Data extracted from a collection:
· · ·

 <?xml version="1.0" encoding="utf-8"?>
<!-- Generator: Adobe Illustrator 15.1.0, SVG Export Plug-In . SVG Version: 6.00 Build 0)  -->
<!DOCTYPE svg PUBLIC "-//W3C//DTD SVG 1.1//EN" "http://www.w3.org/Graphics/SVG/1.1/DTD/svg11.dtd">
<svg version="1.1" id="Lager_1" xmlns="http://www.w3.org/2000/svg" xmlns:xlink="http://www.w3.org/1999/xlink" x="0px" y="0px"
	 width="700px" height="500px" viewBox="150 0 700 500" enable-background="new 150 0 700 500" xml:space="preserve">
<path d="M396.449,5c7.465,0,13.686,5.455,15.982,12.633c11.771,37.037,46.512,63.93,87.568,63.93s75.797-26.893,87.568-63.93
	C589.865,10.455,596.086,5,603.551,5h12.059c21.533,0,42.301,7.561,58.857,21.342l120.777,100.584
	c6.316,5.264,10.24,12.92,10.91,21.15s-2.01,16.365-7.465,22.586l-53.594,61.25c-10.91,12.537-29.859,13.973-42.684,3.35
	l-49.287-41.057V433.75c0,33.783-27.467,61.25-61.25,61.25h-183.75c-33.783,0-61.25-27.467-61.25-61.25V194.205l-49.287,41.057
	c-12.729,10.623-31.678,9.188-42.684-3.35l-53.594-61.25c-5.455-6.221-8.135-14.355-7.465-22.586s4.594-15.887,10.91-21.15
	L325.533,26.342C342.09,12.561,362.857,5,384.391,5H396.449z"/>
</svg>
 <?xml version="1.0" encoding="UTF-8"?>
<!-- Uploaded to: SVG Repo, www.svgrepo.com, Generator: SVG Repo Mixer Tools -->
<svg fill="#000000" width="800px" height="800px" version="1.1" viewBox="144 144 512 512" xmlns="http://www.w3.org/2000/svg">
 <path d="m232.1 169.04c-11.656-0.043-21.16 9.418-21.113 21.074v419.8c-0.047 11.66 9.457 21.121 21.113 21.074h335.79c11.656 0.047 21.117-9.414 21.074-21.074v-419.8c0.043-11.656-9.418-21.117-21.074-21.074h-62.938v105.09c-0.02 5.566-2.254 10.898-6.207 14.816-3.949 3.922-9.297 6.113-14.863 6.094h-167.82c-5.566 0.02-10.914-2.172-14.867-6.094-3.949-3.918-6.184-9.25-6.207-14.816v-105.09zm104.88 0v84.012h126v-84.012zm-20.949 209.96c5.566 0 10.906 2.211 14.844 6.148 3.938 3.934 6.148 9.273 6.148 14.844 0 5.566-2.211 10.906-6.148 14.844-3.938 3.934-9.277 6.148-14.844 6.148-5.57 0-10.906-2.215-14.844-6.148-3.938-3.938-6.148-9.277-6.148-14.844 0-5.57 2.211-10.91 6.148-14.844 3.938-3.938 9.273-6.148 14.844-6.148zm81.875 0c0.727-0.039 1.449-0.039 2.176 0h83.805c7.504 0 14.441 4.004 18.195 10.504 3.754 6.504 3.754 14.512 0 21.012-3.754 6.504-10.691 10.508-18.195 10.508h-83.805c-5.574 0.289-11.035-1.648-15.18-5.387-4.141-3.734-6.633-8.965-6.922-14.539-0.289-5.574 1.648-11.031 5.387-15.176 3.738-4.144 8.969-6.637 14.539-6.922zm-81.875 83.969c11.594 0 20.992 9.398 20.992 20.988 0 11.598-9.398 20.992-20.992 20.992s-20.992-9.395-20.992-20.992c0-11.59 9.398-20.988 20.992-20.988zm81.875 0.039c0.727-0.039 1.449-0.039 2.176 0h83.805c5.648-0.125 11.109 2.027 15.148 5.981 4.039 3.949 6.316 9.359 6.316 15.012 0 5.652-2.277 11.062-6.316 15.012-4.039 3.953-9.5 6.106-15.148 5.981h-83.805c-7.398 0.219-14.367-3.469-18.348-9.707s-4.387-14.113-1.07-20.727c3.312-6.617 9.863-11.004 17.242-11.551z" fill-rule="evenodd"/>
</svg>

· · ·

#### [What you should do]
Without changing a word, print all of the entries above.

#### [Answer space]
 <?xml version="1.0" encoding="utf-8"?>
<!-- Generator: Adobe Illustrator 15.1.0, SVG Export Plug-In . SVG Version: 6.00 Build 0)  -->
<!DOCTYPE svg PUBLIC "-//W3C//DTD SVG 1.1//EN" "http://www.w3.org/Graphics/SVG/1.1/DTD/svg11.dtd">
<svg version="1.1" id="Lager_1" xmlns="http://www.w3.org/2000/svg" xmlns:xlink="http://www.w3.org/1999/xlink" x="0px" y="0px"
	 width="700px" height="500px" viewBox="150 0 700 500" enable-background="new 150 0 700 500" xml:space="preserve">
<path d="M396.449,5c7.465,0,13.686,5.455,15.982,12.633c11.771,37.037,46.512,63.93,87.568,63.93s75.797-26.893,87.568-63.93
	C589.865,10.455,596.086,5,603.551,5h12.059c21.533,0,42.301,7.561,58.857,21.342l120.777,100.584
	c6.316,5.264,10.24,12.92,10.91,21.15s-2.01,16.365-7.465,22.586l-53.594,61.25c-10.91,12.537-29.859,13.973-42.684,3.35
	l-49.287-41.057V433.75c0,33.783-27.467,61.25-61.25,61.25h-183.75c-33.783,0-61.25-27.467-61.25-61.25V194.205l-49.287,41.057
	c-12.729,10.623-31.678,9.188-42.684-3.35l-53.594-61.25c-5.455-6.221-8.135-14.355-7.465-22.586s4.594-15.887,10.91-21.15
	L325.533,26.342C342.09,12.561,362.857,5,384.391,5H396.449z"/>
</svg>
 <?xml version="1.0" encoding="UTF-8"?>
<!-- Uploaded to: SVG Repo, www.svgrepo.com, Generator: SVG Repo Mixer Tools -->
<svg fill="#000000" width="800px" height="800px" version="1.1" viewBox="144 144 512 512" xmlns="http://www.w3.org/2000/svg">
 <path d="m232.1 169.04c-11.656-0.043-21.16 9.418-21.113 21.074v419.8c-0.047 11.66 9.457 21.121 21.113 21.074h335.79c11.656 0.047 21.117-9.414 21.074-21.074v-419.8c0.043-11.656-9.418-21.117-21.074-21.074h-62.938v105.09c-0.02 5.566-2.254 10.898-6.207 14.816-3.949 3.922-9.297 6.113-14.863 6.094h-167.82c-5.566 0.02-10.914-2.172-14.867-6.094-3.949-3.918-6.184-9.25-6.207-14.816v-105.09zm104.88 0v84.012h126v-84.012zm-20.949 209.96c5.566 0 10.906 2.211 14.844 6.148 3.938 3.934 6.148 9.273 6.148 14.844 0 5.566-2.211 10.906-6.148 14.844-3.938 3.934-9.277 6.148-14.844 6.148-5.57 0-10.906-2.215-14.844-6.148-3.938-3.938-6.148-9.277-6.148-14.844 0-5.57 2.211-10.91 6.148-14.844 3.938-3.938 9.273-6.148 14.844-6.148zm81.875 0c0.727-0.039 1.449-0.039 2.176 0h83.805c7.504 0 14.441 4.004 18.195 10.504 3.754 6.504 3.754 14.512 0 21.012-3.754 6.504-10.691 10.508-18.195 10.508h-83.805c-5.574 0.289-11.035-1.648-15.18-5.387-4.141-3.734-6.633-8.965-6.922-14.539-0.289-5.574 1.648-11.031 5.387-15.176 3.738-4.144 8.969-6.637 14.539-6.922zm-81.875 83.969c11.594 0 20.992 9.398 20.992 20.988 0 11.598-9.398 20.992-20.992 20.992s-20.992-9.395-20.992-20.992c0-11.59 9.398-20.988 20.992-20.988zm81.875 0.039c0.727-0.039 1.449-0.039 2.176 0h83.805c5.648-0.125 11.109 2.027 15.148 5.981 4.039 3.949 6.316 9.359 6.316 15.012 0 5.652-2.277 11.062-6.316 15.012-4.039 3.953-9.5 6.106-15.148 5.981h-83.805c-7.398 0.219-14.367-3.469-18.348-9.707s-4.387-14.113-1.07-20.727c3.312-6.617 9.863-11.004 17.242-11.551z" fill-rule="evenodd"/>
</svg>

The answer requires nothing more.